In another approach, Liang, et al., in U.S. Pat. No. 5,714,412 disclose a multi-level, split-gate flash memory cell where the memory device is formed on a doped semiconductor substrate, and covered with a tunnel oxide layer covering turn with a doped first polysilicon layer. The first polysilicon layer is patterned into a pair of floating gate electrodes. An interelectrode dielectric layer covers the floating gate electrodes, the sidewalls of the floating gate electrodes and the edges of the tunnel oxide below the floating gate electrodes. A second polysilicon layer overlying the interelectrode dielectric layer and is in turn covered by a tungsten silicide layer. A control gate electrode which spans the pair of floating gate electrodes is formed by the second polysilicon layer, the tungsten silicide and the first and second dielectric layers patterned into a gate electrode stack providing a control gate electrode spanning across the pair of floating gate electrodes.
It is disclosed in the present invention a different method of forming a spacer in a split-gate flash memory cell by judiciously implanting the layer from which the spacer is formed.
It is therefore an object of this invention to provide method of forming a split-gate flash memory cell having a well shaped and well formed spacer between the lower edges of the floating gate and the control gate of the cell.
It is another object of this invention to provide a method of forming a nitride spacer through a judicious ion implanting of the nitride layer from which it is formed.

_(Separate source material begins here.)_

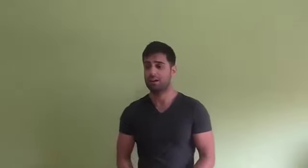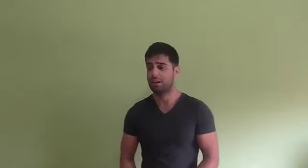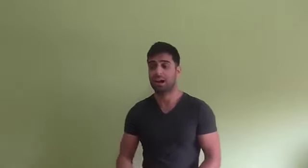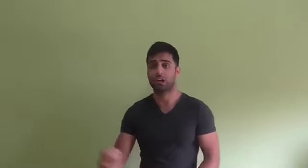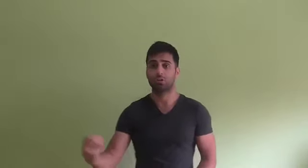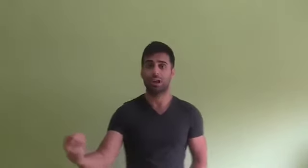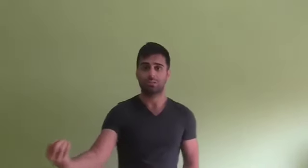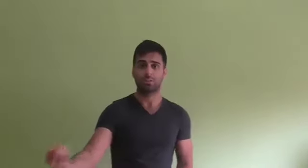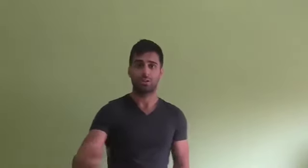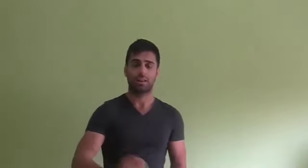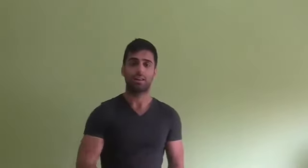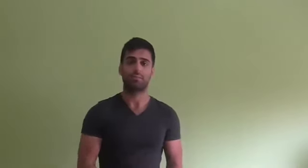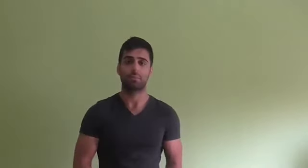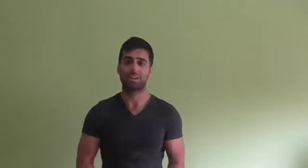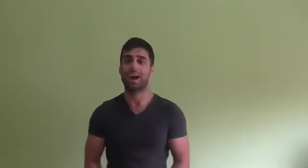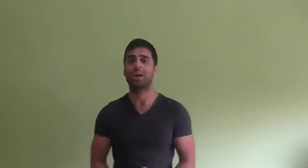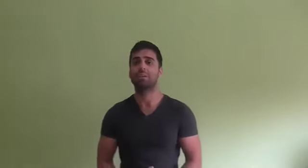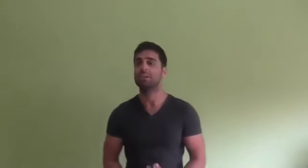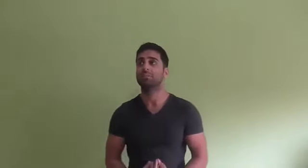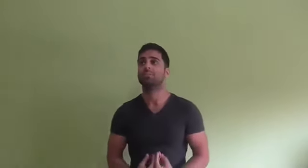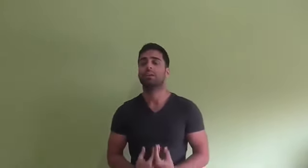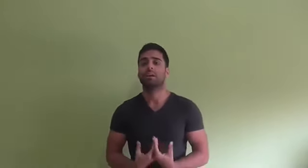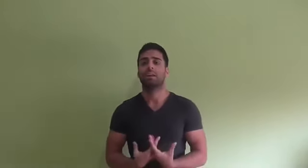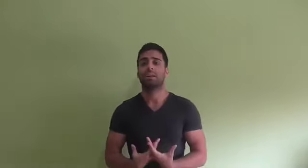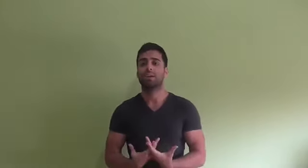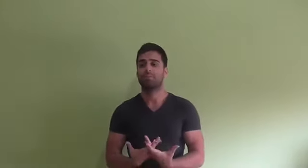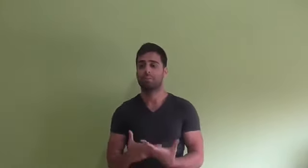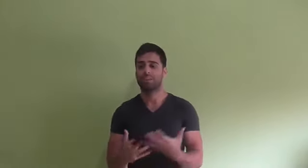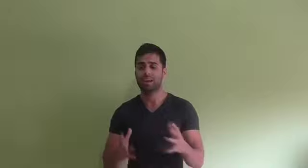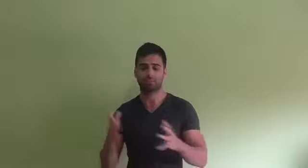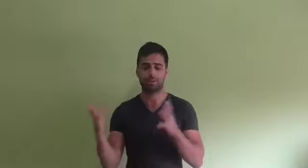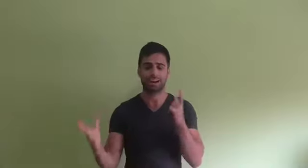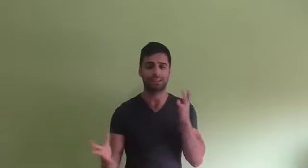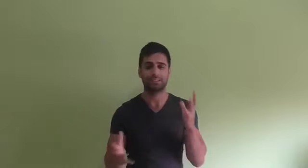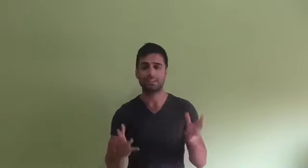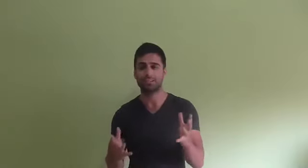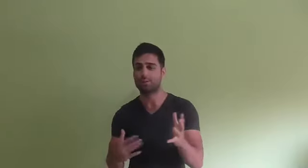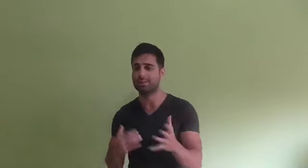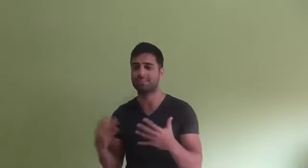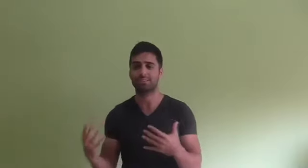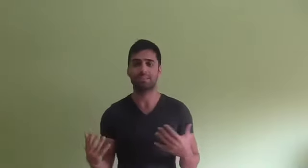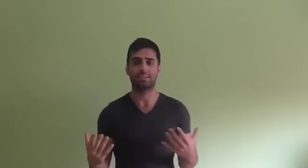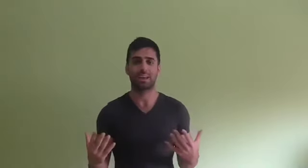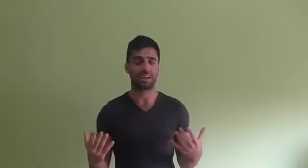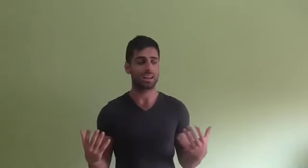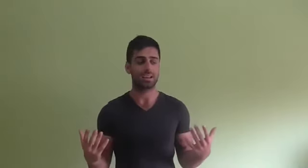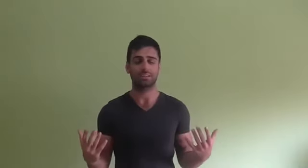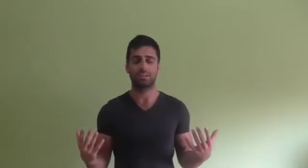el contacto con la energía femenina. A mí, la energía femenina a explorar distintas formas, distintas energías,

It is still another object of the present invention to provide split-gate flash memory cell having a rectangular shaped spacer between the lower edges of the floating gate and the control gate of the cell.
These objects are accomplished by providing a silicon substrate having a plurality of active and field regions defined; forming a gate oxide layer over said substrate; forming a first polysilicon layer over said gate oxide forming a first polysilicon layer over said gate oxide layer; forming a nitride layer over said first polysilicon layer; forming and patterning a first photoresist layer over said first polysilicon layer to form a photoresist mask with a pattern corresponding to the floating gate of said split-gate flash memory cell; etching said nitride layer through said photoresist mask to form an opening to expose a portion of the underlying said first polysilicon layer; removing said first photoresist layer; oxidizing said fist polysilicon layer exposed in said opening thus forming poly oxide over said first polysilicon layer; removing said nitride layer; using said poly oxide as a hard mask, etching said first polysilicon layer to form floating gate; forming high temperature oxide (HTO) layer over said substrate including said floating gate; forming silicon nitride layer over said HTO layer; vertical implanting said silicon nitride layer covering said substrate; performing a high selectivity etch of said silicon nitride layer to form silicon nitride spacer; forming an intergate oxide layer over said substrate; forming a second polysilicon layer over said intergate oxide layer; and patterning said second polysilicon layer with a second photoresist mask having control gate pattern to form a control gate to complete the forming of said split-gate flash memory cell.
These objects are further accomplished by providing a split-gate flash memory cell having a floating gate with vertical walls and a rectangular nitride spacer between the lower edges of the floating gate and the control gate of the memory cell.